Will map to the letter b and a segment sequence can be represented as a character sequence of bccbaaabc.

Step C4: the character sequence is randomly masked, and the left side of the table I and the table II shows that the gray area is a masking part, and a part of the character is randomly masked each time. And further carrying out Hash operation on unmasked parts in the masked sub-character sequence, adding one to the numerical value of the sequence corresponding to the operation result, and carrying out an adding operation on the numerical value when a plurality of characters generate the same Hash value collision. The right side of the table I and the table II shows the result table of hash operation of different sequences, and then different sequences are added and subtracted to obtain the discrimination.

Table 1: randomly covering the first two characters

Table 2: random covering for selecting middle two characters

Step C5: if the length of the character sequence is l, the characters at two positions are taken to be randomly covered and Hash operation is required to be carried out at most

After this operation, the mapping operation of the Hash table in step 4 is completed.

Table 3: discrimination solution process

Step C6: using Dist ═ d_far+d_closeThe calculated discriminations were calculated as shown in table 3.

Step C7: and extracting the 10 sub-symbol sequences with the highest discrimination.

Step C8: information entropy of 10 sub-symbol sequences of a calculator on an original data set

If it satisfies

Then the sub-symbol sequence is decoded

And adding the mixture into the Set.

After the initialization of the server is completed, a specific processing flow for receiving the request is shown in fig. 1.

Step D1: and cleaning all data of the original data set, and performing operations such as duplicate removal, normalization, abnormal value processing and the like.

Step D2: cleaning data C ═ C₁,…,c_n) Expressed by PAA segmentation into

Step D3: then the segmented sequence is expressed into a symbol sequence by an SAX method

The value after PAA segmentation treatment satisfies

Is mapped to the letter b and a segment sequence can be represented as a sequence of characters.

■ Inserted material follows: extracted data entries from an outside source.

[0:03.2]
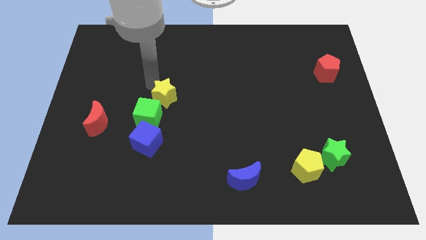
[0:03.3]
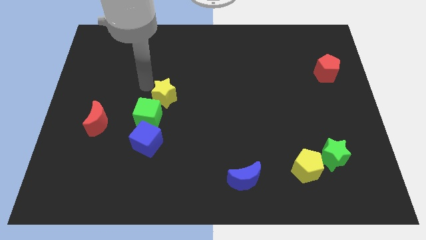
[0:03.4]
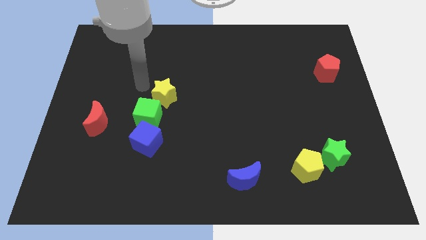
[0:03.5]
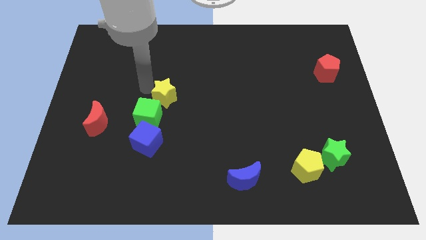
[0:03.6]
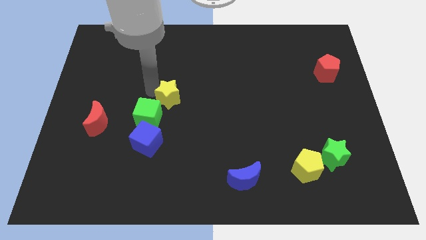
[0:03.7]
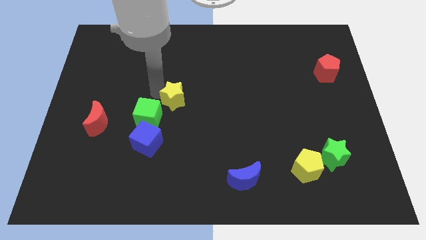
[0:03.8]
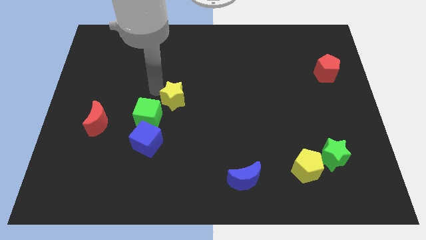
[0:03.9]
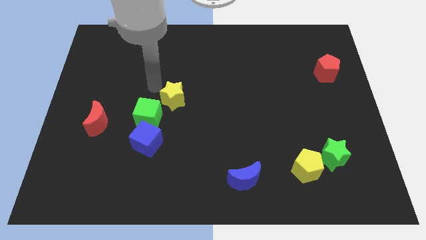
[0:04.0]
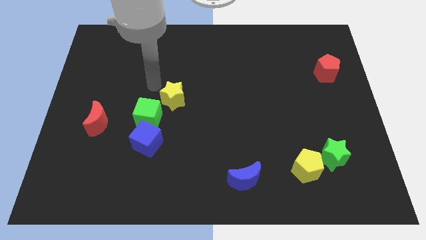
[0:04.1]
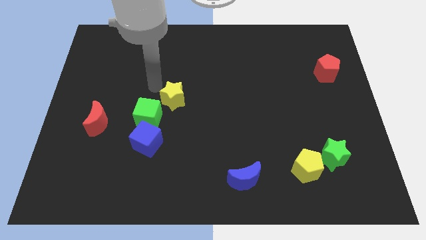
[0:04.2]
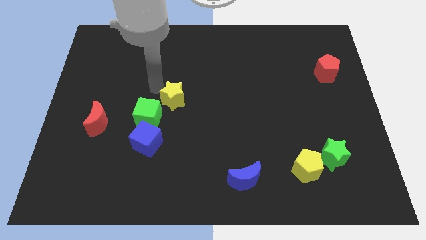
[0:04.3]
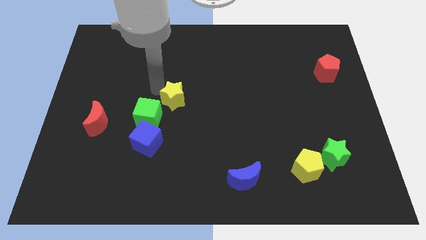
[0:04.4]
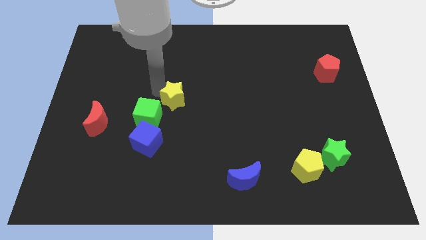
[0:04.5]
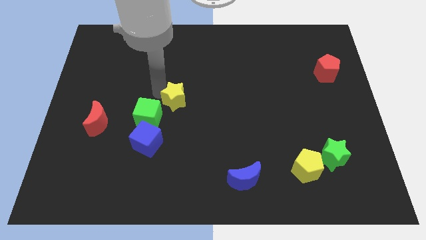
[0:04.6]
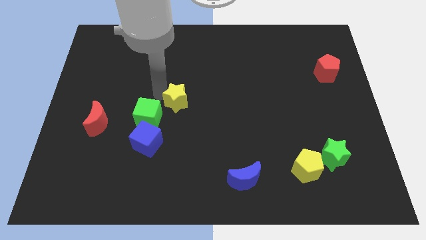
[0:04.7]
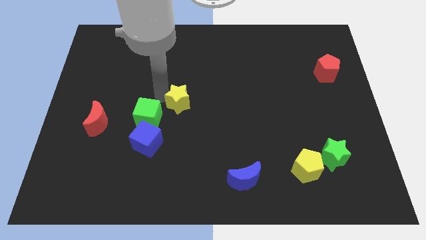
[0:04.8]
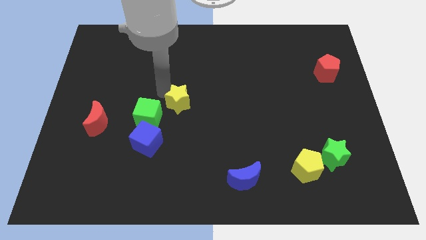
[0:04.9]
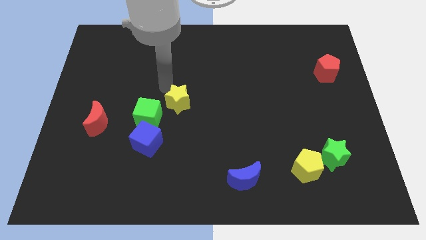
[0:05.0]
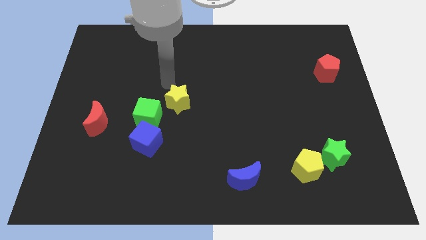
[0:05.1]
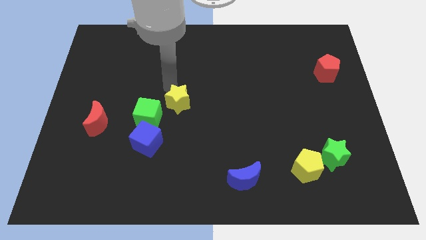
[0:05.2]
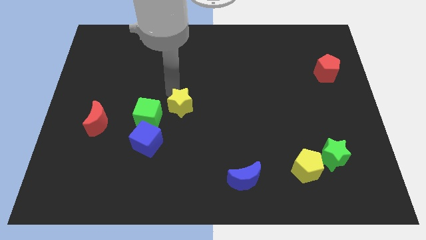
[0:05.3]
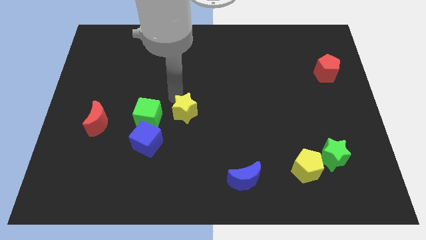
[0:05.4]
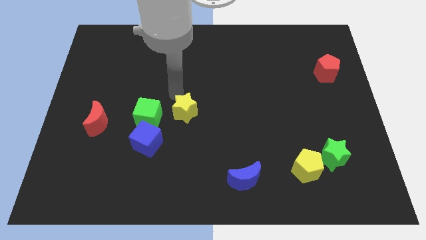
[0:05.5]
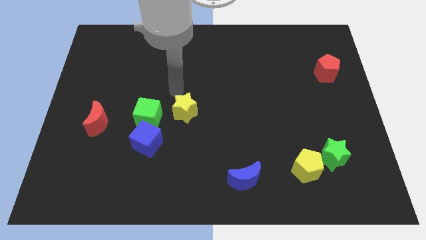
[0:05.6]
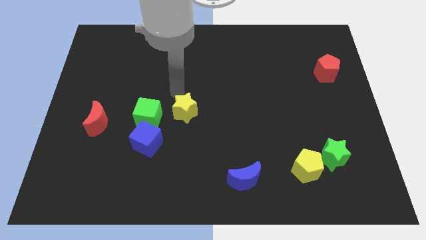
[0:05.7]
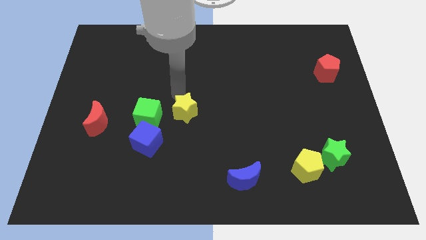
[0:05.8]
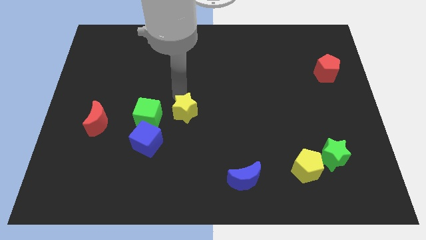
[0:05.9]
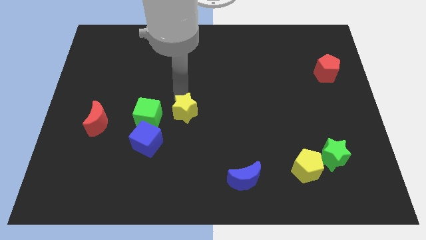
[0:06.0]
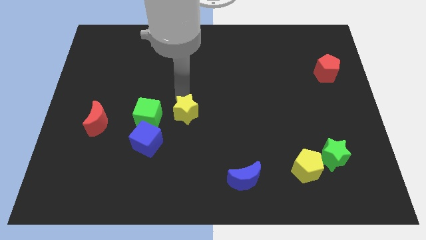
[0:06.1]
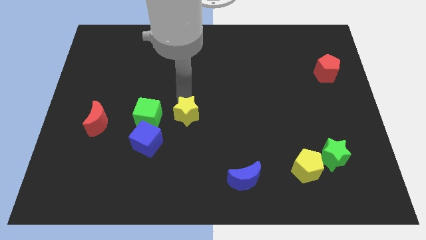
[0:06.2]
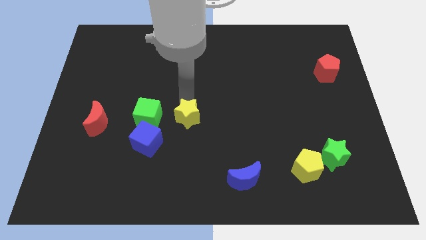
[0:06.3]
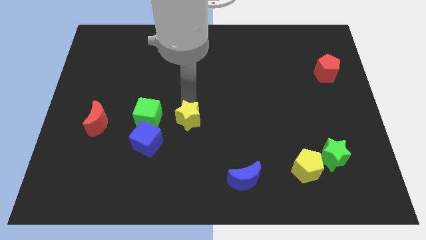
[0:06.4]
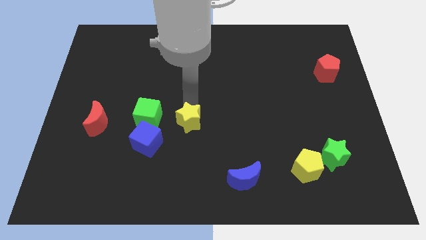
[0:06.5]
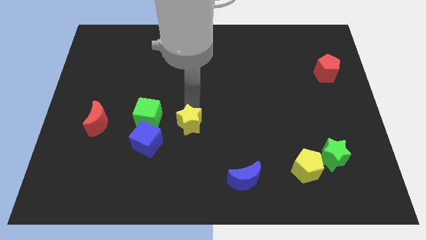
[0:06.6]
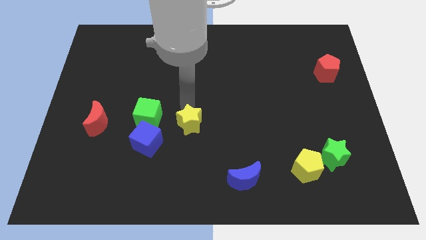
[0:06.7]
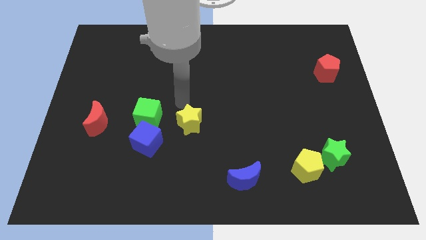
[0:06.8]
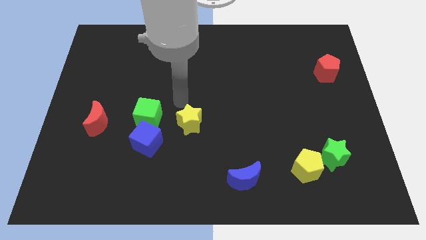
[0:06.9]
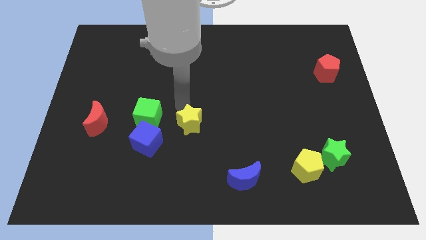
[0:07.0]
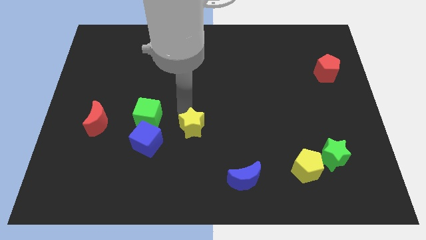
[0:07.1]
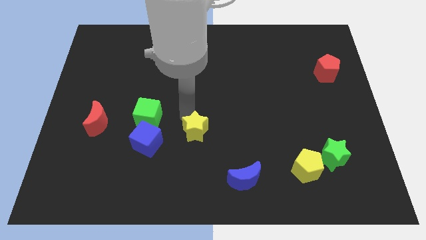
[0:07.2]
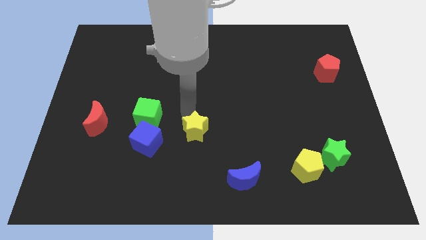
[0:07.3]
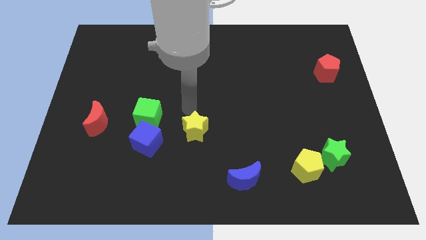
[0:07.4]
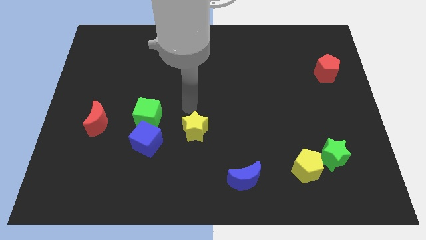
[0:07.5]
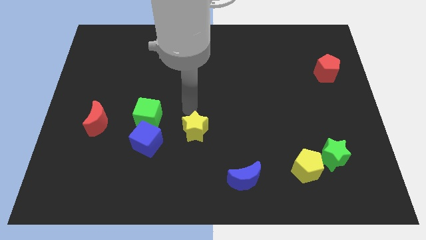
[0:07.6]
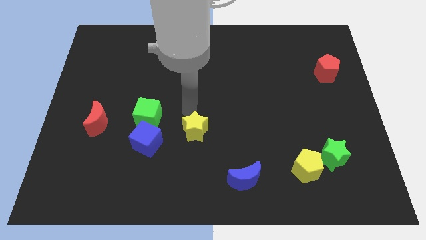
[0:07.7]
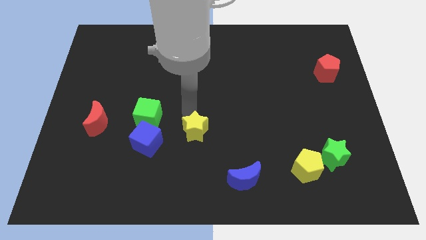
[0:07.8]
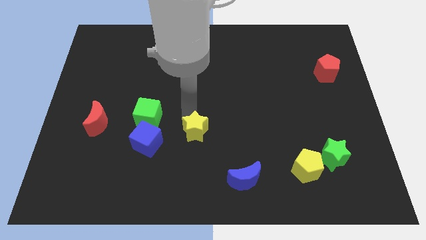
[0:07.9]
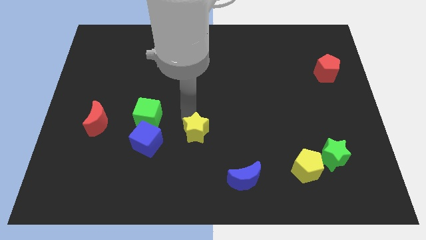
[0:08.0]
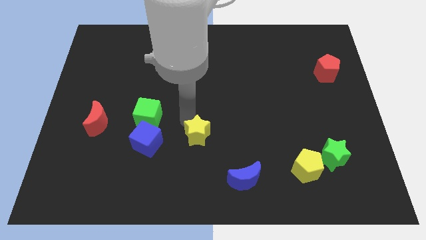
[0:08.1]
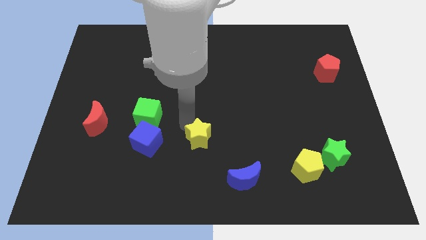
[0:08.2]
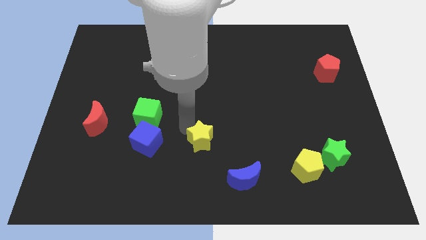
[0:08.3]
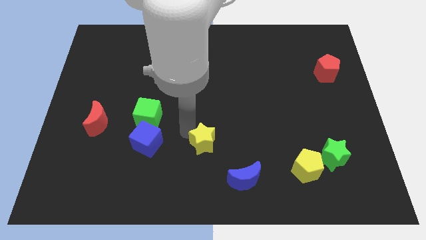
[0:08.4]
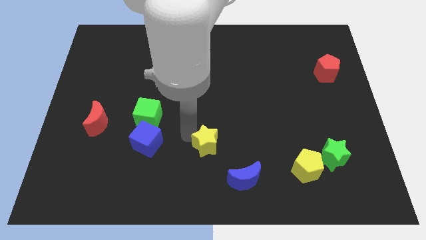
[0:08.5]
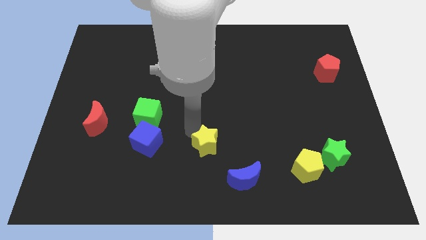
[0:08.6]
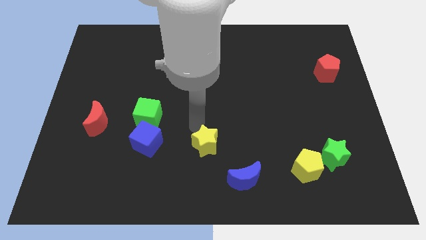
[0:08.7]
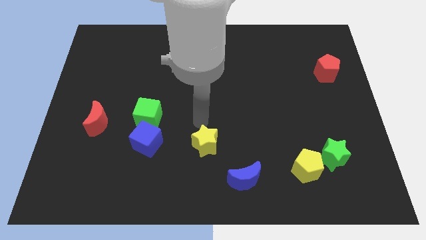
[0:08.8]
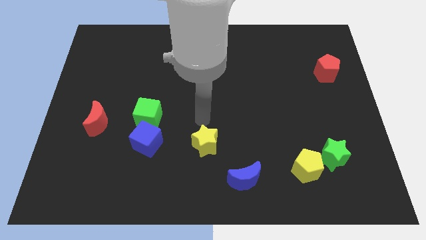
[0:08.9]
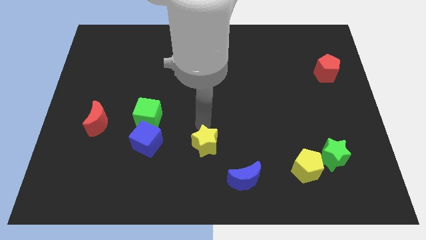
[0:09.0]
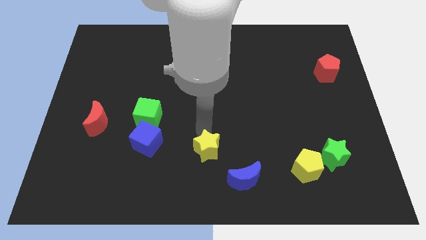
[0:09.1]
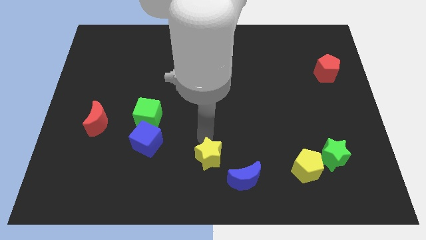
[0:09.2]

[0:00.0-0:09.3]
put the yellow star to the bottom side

Step D4: the symbol sequence is matched with the symbol sequence of a tree formed by the character good sequences in the feature subset from the tree root to the leaf node through a classifier.

Step D5: and if the normal sequence is matched, returning a normal value to the user software, and if the abnormal sequence is matched, returning an abnormal value warning.

Aiming at the high-precision classification requirement of a brain-computer interface system on classification of electroencephalogram data, the brain-computer interface can classify signals by finding out an optimal characteristic subsequence of an electroencephalogram signal, and provides a relevant strong explanatory result while ensuring the classification precision of the electroencephalogram signal. Through PAA dimension reduction and SAX symbolization, the complexity of data is reduced, and in addition, similarity calculation between data is replaced by a Hash mode, so that the speed and the efficiency are higher. A discrimination is defined for determining the discriminative power between the symbol subsequences for different electroencephalogram signals.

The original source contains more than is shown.